### Aim of the exercise
Leaving out all images, return the entries below exactly.

### Supplied records

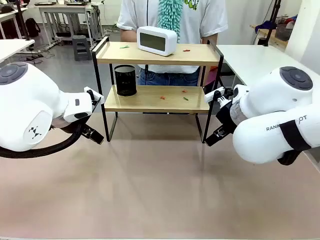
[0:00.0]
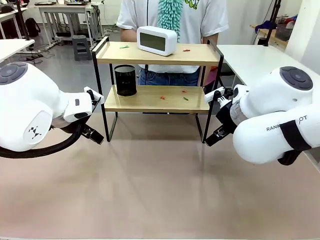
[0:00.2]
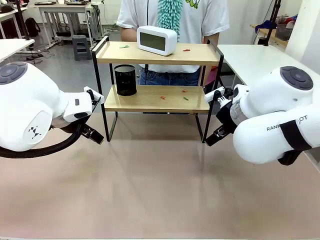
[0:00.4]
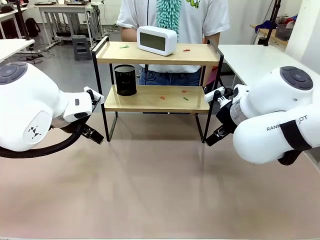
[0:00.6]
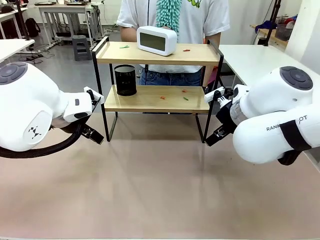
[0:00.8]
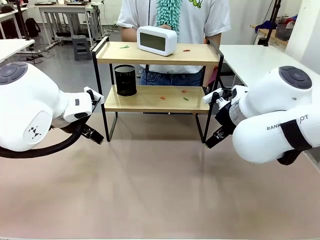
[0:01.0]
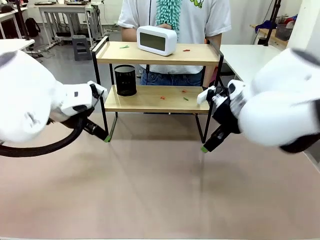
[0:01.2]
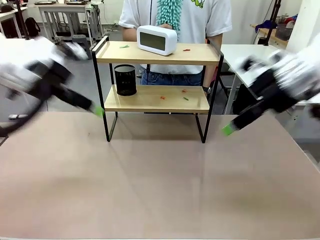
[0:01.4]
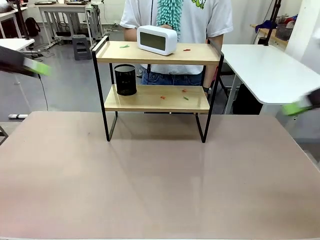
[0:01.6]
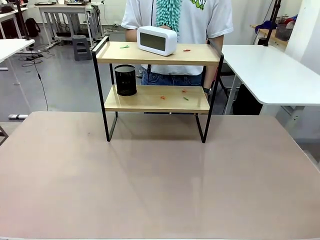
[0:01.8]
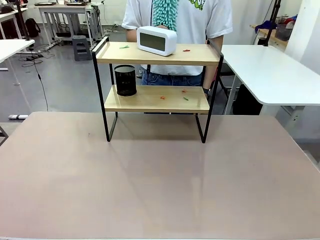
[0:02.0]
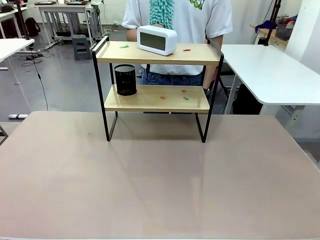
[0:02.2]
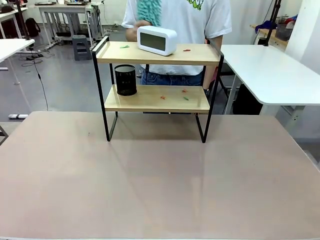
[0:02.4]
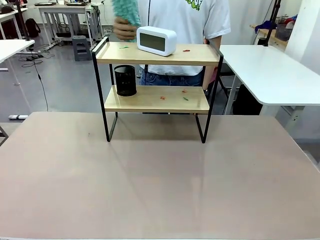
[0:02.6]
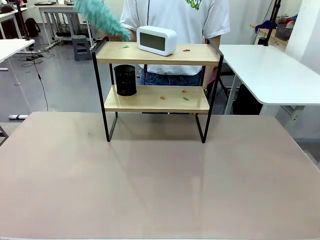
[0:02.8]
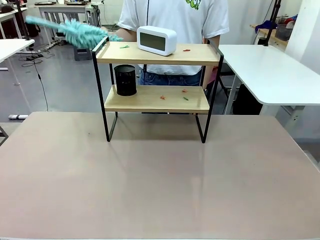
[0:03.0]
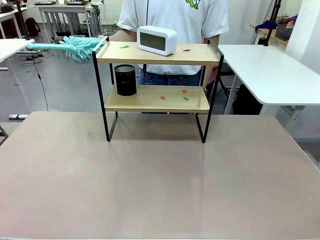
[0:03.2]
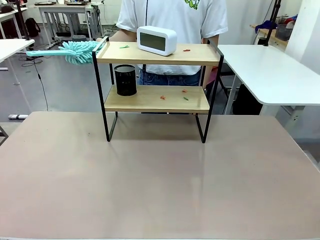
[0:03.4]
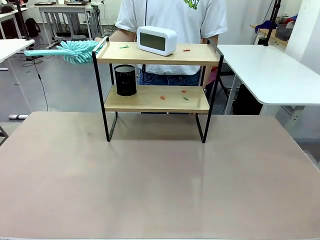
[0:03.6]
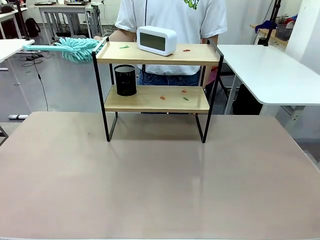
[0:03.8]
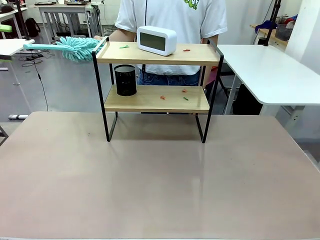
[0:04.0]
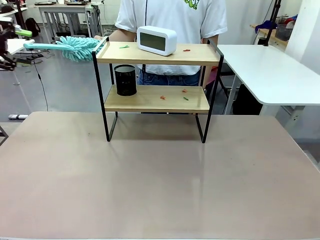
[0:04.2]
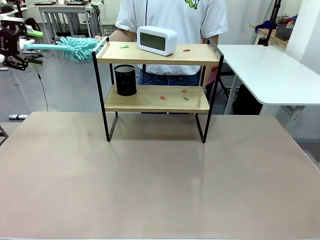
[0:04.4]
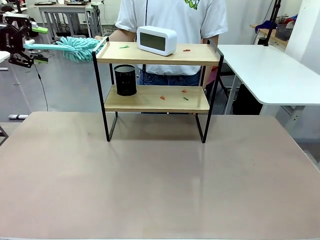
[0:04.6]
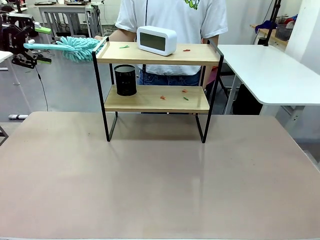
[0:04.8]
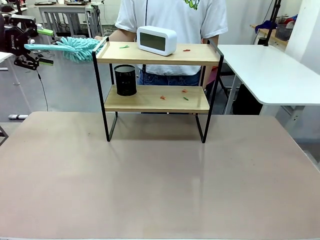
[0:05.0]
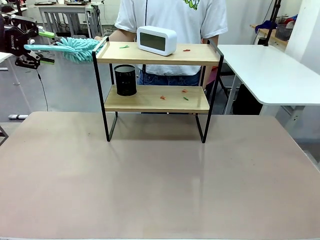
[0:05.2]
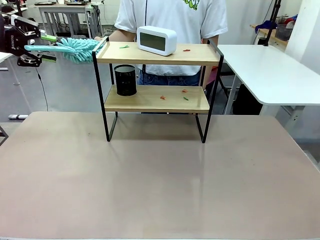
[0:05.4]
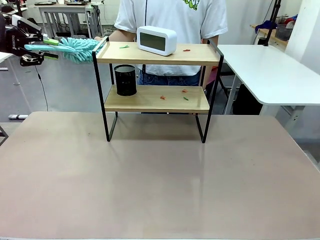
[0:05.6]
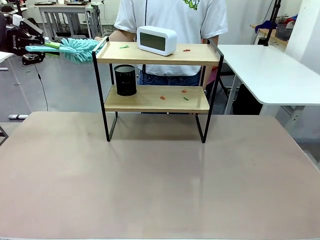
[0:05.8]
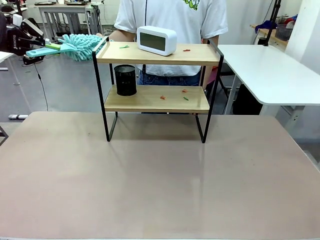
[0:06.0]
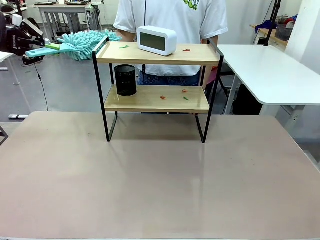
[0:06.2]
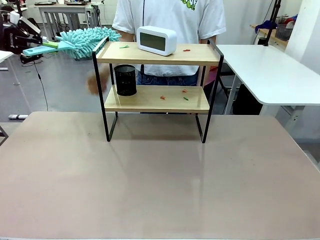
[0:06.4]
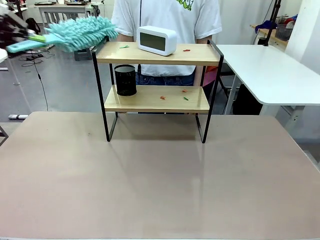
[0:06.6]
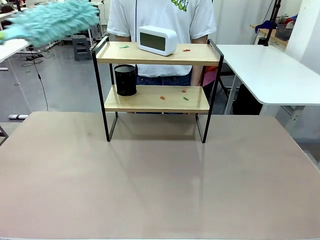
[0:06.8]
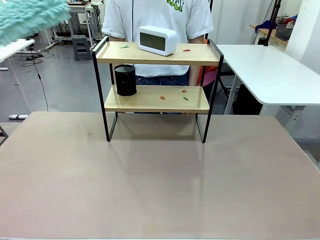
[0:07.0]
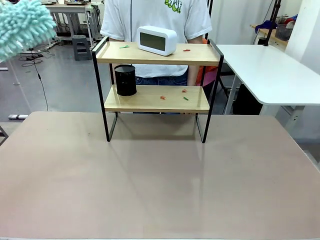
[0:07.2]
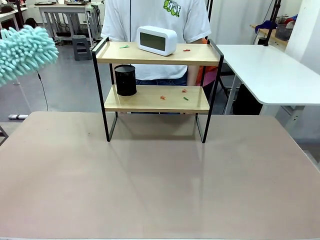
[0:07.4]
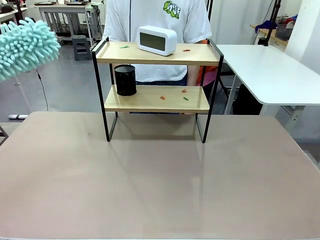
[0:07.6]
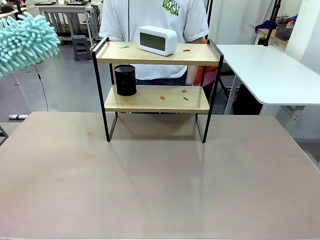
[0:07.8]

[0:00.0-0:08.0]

### Response for this exercise
[0:00.0]
[0:00.2]
[0:00.4]
[0:00.6]
[0:00.8]
[0:01.0]
[0:01.2]
[0:01.4]
[0:01.6]
[0:01.8]
[0:02.0]
[0:02.2]
[0:02.4]
[0:02.6]
[0:02.8]
[0:03.0]
[0:03.2]
[0:03.4]
[0:03.6]
[0:03.8]
[0:04.0]
[0:04.2]
[0:04.4]
[0:04.6]
[0:04.8]
[0:05.0]
[0:05.2]
[0:05.4]
[0:05.6]
[0:05.8]
[0:06.0]
[0:06.2]
[0:06.4]
[0:06.6]
[0:06.8]
[0:07.0]
[0:07.2]
[0:07.4]
[0:07.6]
[0:07.8]

[0:00.0-0:08.0]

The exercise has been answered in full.